By the way, it should also be stated that many events that were considered as domestic revolts in previous periods turned into an international problem. Therefore, many events such as the Montenegro uprising, Serbian uprising and Crete uprising can be analyzed within the framework of external affairs. We can say that the most important ones of these political events of Abdülaziz era were the Montenegro and Serbian uprisings. The Montenegro uprising, which was amplified by especially the spark of the nationalism movement that spread in Europe and Ottoman Balkans after the 1789 French Revolution and by the support of European countries, started before the reign of Abdülaziz and was concluded with a protocol (1858), however because Montenegro covertly helped the rebels during the Herzegovina uprising it blazed up again. Nevertheless, the Montenegro uprising that took place during the first years of the reign of Abdülaziz was more easily and effectively repressed as a result of the fact that the Western countries did not intervene in it.

Another uprising was the Herzegovina uprising. The uprising, which started as a result of Christian villagers’ reaction against the big landholders and villagers’ unwillingness to pay taxes, spread quickly with the provocation of Hungarians who were against Russia and Austria. Although, at the end of the year 1875, the government wanted to repress the uprising by publishing an imperial order that promised certain privileges, there wasn’t any positive response to these attempts. Other states such as England, France and Russia intervened in the issue and sent a diplomatic note to Istanbul. Although Istanbul accepted this diplomatic note, the uprising did not come to an end because of the provocation of Russia and it even spread to Serbia and Bulgaria (1876). The fact that French and German consuls were killed in Thessalonica resulted in the uprisings getting out of the control of Ottoman Empire and thus the great powers intervened in the issue. When the Berlin Memorandum that was jointly prepared by Germany, Austria and Russia was about to be communicated to Istanbul, Abdülaziz was dethroned.

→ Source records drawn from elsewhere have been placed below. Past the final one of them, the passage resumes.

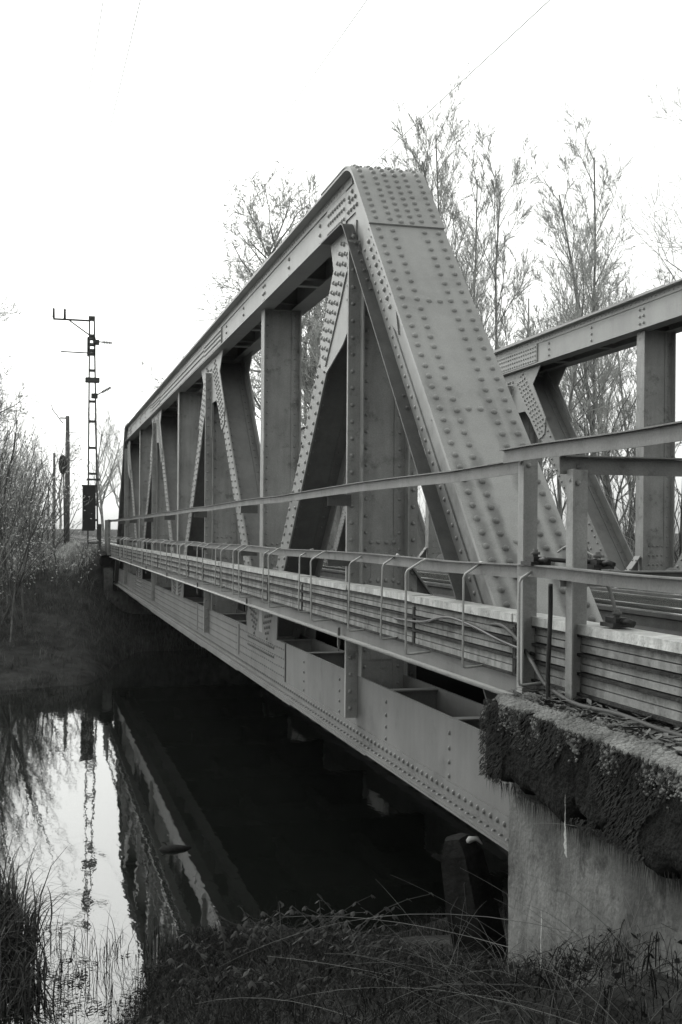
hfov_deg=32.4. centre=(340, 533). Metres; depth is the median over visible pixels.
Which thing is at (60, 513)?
distant tree
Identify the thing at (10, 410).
bare tree
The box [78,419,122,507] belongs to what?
distant tree
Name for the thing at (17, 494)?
scrub bush
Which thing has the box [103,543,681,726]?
cable trough
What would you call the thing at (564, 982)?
dry stalks
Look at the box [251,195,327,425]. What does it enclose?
bare tree
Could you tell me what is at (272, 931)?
bramble plant
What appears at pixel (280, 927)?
bramble plant
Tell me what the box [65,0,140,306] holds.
overhead wire
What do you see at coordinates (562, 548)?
wire
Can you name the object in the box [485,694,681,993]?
concrete abutment
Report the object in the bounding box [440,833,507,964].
timber pile
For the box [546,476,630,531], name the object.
thicket shrub
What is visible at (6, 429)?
scrub bush
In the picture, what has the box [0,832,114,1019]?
reeds
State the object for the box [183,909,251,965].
bramble plant
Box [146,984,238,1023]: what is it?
bramble plant
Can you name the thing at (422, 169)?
bare tree
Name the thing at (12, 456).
scrub bush
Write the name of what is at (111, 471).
distant tree
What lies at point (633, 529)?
thicket shrub
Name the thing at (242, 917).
grass tussock
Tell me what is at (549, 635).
hose
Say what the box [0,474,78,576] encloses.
scrub bush
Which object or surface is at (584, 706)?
cable
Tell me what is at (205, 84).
sky
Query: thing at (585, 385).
bare tree
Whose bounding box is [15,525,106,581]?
scrub bush
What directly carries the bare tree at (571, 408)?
on the ground at (74, 670)
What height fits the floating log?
0.109 m
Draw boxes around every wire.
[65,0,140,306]
[112,0,549,386]
[116,0,366,338]
[557,546,600,559]
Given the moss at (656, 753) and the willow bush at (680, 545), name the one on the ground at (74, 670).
the willow bush at (680, 545)
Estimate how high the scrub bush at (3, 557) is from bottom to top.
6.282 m
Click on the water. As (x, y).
(251, 793)
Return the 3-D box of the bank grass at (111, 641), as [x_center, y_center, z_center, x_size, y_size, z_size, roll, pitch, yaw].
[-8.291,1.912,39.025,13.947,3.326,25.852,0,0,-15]
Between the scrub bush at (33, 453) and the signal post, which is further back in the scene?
the signal post
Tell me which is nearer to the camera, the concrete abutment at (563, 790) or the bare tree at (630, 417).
the concrete abutment at (563, 790)
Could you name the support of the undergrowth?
on the ground at (74, 670)
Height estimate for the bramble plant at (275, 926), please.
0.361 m
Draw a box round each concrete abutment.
[97,553,154,614]
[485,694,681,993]
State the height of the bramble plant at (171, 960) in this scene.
0.319 m
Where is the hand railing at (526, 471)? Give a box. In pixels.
[105,459,541,693]
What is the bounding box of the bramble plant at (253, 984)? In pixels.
[226,965,335,1010]
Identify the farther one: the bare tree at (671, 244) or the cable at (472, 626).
the bare tree at (671, 244)
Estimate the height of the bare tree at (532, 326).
11.356 m
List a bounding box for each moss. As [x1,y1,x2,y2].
[477,699,681,903]
[480,693,681,808]
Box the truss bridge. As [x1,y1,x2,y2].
[113,164,681,850]
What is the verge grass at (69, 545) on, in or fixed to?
on the ground at (74, 670)
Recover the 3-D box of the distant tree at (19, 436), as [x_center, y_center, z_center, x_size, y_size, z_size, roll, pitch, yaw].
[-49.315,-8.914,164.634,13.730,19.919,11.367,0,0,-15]
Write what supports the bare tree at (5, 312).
on the ground at (74, 670)
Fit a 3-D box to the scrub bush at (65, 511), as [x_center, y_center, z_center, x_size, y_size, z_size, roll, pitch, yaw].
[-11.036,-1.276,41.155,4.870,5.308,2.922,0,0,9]
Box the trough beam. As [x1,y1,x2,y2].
[111,554,544,694]
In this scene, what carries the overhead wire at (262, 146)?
attached to the catenary mast
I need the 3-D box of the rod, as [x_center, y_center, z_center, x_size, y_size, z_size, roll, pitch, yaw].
[1.179,0.258,5.197,0.016,0.211,0.222,0,0,-8]
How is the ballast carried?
on the ground at (74, 670)
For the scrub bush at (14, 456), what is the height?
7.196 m
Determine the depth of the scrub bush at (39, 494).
50.16 m
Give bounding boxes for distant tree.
[0,410,38,478]
[1,416,58,510]
[21,432,89,534]
[60,393,130,536]
[70,407,130,535]
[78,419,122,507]
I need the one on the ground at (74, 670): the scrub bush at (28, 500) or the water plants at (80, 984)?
the scrub bush at (28, 500)
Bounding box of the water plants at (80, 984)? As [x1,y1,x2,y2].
[0,899,189,1023]
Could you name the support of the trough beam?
attached to the truss bridge
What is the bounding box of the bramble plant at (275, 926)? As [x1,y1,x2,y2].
[243,911,354,943]
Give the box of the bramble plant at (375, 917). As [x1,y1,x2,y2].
[317,892,433,949]
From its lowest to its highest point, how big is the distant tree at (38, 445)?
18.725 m
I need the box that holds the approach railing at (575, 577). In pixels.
[499,421,681,699]
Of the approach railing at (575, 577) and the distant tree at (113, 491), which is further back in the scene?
the distant tree at (113, 491)
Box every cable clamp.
[521,549,550,565]
[587,552,615,568]
[600,609,635,627]
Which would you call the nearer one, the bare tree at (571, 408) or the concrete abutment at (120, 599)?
the bare tree at (571, 408)
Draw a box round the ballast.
[70,538,116,559]
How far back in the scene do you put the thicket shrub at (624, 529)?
33.62 m
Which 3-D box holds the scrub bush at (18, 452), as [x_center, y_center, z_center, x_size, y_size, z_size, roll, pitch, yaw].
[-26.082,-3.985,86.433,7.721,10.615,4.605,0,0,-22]
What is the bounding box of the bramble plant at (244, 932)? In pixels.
[235,903,298,939]
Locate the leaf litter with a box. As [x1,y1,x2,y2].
[510,686,681,750]
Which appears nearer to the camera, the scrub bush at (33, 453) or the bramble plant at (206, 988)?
the bramble plant at (206, 988)
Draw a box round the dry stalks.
[196,823,681,1023]
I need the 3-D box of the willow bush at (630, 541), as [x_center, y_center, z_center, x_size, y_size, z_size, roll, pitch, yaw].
[6.074,0.775,23.117,4.098,5.551,6.718,0,0,-15]
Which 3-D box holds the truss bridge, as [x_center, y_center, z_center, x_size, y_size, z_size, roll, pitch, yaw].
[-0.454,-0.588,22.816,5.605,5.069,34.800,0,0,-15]
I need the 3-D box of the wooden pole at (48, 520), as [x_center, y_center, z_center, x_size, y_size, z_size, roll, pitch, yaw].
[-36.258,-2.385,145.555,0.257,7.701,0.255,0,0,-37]
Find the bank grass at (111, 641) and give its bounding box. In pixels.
[0,543,203,689]
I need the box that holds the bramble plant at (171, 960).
[166,933,244,1001]
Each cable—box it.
[394,616,534,655]
[483,622,681,737]
[547,557,594,563]
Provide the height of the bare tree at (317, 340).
10.724 m
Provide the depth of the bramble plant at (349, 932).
5.74 m
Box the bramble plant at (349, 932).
[297,920,403,981]
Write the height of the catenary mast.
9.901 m
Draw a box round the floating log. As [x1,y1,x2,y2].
[159,842,191,851]
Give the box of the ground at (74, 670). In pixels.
[0,528,681,1023]
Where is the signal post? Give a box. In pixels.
[58,455,66,543]
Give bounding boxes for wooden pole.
[47,485,48,540]
[51,405,76,542]
[52,453,55,539]
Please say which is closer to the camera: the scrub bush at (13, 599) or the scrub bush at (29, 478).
the scrub bush at (13, 599)
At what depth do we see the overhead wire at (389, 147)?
15.69 m
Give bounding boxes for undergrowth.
[87,897,681,1023]
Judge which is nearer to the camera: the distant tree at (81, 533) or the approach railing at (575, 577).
the approach railing at (575, 577)
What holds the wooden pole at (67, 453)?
on the ground at (74, 670)
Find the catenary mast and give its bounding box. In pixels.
[52,308,112,549]
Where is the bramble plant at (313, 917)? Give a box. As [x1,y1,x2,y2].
[285,906,400,954]
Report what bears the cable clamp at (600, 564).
attached to the approach railing at (575, 577)
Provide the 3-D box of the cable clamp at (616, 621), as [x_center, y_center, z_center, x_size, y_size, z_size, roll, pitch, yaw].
[1.203,0.365,5.047,0.100,0.075,0.195,0,0,-15]
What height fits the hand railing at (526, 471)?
1.170 m
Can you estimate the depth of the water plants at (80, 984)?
9.25 m
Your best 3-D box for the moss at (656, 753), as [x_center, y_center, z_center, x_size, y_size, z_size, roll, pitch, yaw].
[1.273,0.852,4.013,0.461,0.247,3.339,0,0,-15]
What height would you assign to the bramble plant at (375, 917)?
0.485 m
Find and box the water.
[0,649,507,1023]
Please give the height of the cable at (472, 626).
0.114 m
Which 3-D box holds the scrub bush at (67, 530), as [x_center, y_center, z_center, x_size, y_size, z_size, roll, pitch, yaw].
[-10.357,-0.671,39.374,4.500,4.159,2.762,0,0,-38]
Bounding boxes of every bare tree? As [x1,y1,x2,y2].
[0,294,49,473]
[0,361,44,475]
[132,153,328,423]
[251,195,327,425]
[301,300,345,510]
[375,59,567,349]
[472,265,582,481]
[522,188,676,522]
[524,98,647,558]
[524,264,681,548]
[541,222,636,520]
[591,69,681,304]
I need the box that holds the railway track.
[71,535,681,635]
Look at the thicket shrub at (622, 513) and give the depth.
32.11 m
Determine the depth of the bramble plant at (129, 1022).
7.20 m
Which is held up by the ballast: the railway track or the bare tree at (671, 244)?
the railway track
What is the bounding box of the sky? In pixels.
[0,0,681,532]
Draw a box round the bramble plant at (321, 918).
[289,894,374,936]
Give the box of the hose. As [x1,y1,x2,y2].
[545,583,552,698]
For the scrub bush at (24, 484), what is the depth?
53.20 m
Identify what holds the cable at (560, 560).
attached to the cable clamp at (600, 564)
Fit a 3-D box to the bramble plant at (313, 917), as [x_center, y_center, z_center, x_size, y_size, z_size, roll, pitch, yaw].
[0.012,2.259,6.550,0.653,0.352,0.484,0,0,3]
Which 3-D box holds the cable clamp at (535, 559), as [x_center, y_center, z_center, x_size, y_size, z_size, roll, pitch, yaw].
[0.924,0.112,5.491,0.100,0.075,0.195,0,0,-15]
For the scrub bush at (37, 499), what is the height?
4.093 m
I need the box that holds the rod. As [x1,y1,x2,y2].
[598,569,616,610]
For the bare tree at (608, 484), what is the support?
on the ground at (74, 670)
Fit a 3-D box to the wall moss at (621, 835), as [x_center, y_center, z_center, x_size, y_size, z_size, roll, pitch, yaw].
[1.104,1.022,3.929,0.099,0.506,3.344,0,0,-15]
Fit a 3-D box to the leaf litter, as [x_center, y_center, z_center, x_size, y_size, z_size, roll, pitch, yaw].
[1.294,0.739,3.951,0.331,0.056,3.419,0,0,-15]
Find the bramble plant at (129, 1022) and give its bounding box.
[128,987,184,1023]
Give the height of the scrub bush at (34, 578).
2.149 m
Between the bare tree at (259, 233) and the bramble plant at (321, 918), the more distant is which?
the bare tree at (259, 233)
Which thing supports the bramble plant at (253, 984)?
on the ground at (74, 670)
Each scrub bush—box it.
[0,371,30,485]
[0,374,41,532]
[0,389,51,510]
[0,406,62,570]
[0,409,40,509]
[0,413,89,627]
[0,436,53,551]
[0,437,49,551]
[0,442,50,543]
[0,459,102,570]
[0,461,88,561]
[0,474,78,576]
[0,496,44,642]
[0,533,91,604]
[1,470,54,558]
[2,404,63,501]
[2,430,52,556]
[8,440,82,558]
[14,464,51,546]
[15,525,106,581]
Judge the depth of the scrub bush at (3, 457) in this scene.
37.51 m
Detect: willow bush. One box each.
[560,449,678,564]
[587,442,681,565]
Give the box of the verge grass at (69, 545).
[6,539,107,599]
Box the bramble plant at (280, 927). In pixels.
[212,901,343,975]
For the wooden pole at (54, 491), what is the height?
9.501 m
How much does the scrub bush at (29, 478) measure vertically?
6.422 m
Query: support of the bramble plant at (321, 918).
on the ground at (74, 670)
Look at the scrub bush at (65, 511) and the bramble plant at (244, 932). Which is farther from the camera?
the scrub bush at (65, 511)
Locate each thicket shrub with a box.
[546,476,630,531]
[589,515,634,558]
[597,475,678,554]
[615,491,680,563]
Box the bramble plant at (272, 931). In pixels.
[242,910,335,951]

One of the other important uprisings in the era of Abdülaziz was the Serbia uprising which was also in the same region. Serbians, who supported the uprisings in Montenegro, actually intended to found the Great Serbian Kingdom in 1860s. The fact that Russia and France supported the rebels made it impossible to get the uprisings under control. Hence, in 1861, Serbians made a move to remove the Turkish people along with the Turkish soldiers from the Serbia and they marched on Belgrade in 1862. European countries took action upon these events and they dictated the Istanbul Protocol to Ottoman Empire. According to this protocol, Ottoman Empire had to remove its soldiers from certain forts in Serbia and accept the removal of the Turks from the region (except from Belgrade and some forts).

The wrong Ottoman policy, which was pursued after the Europe trip of Sultan Abdülaziz and which was based on granting capitulations to Europeans in order to establish good affairs with them, caused Crete to be shaken with uprisings as well. In 1867, joining of Crete to Greece was rejected for the time being and the dust settled as Crete was given a special statue. Sultan Abdülaziz was toppled from the throne with coup d’état on May 30th, 1876. On June 4th, 1876, he was found dead with his wrists cut in Feriye Palaces, where he was kept under custody.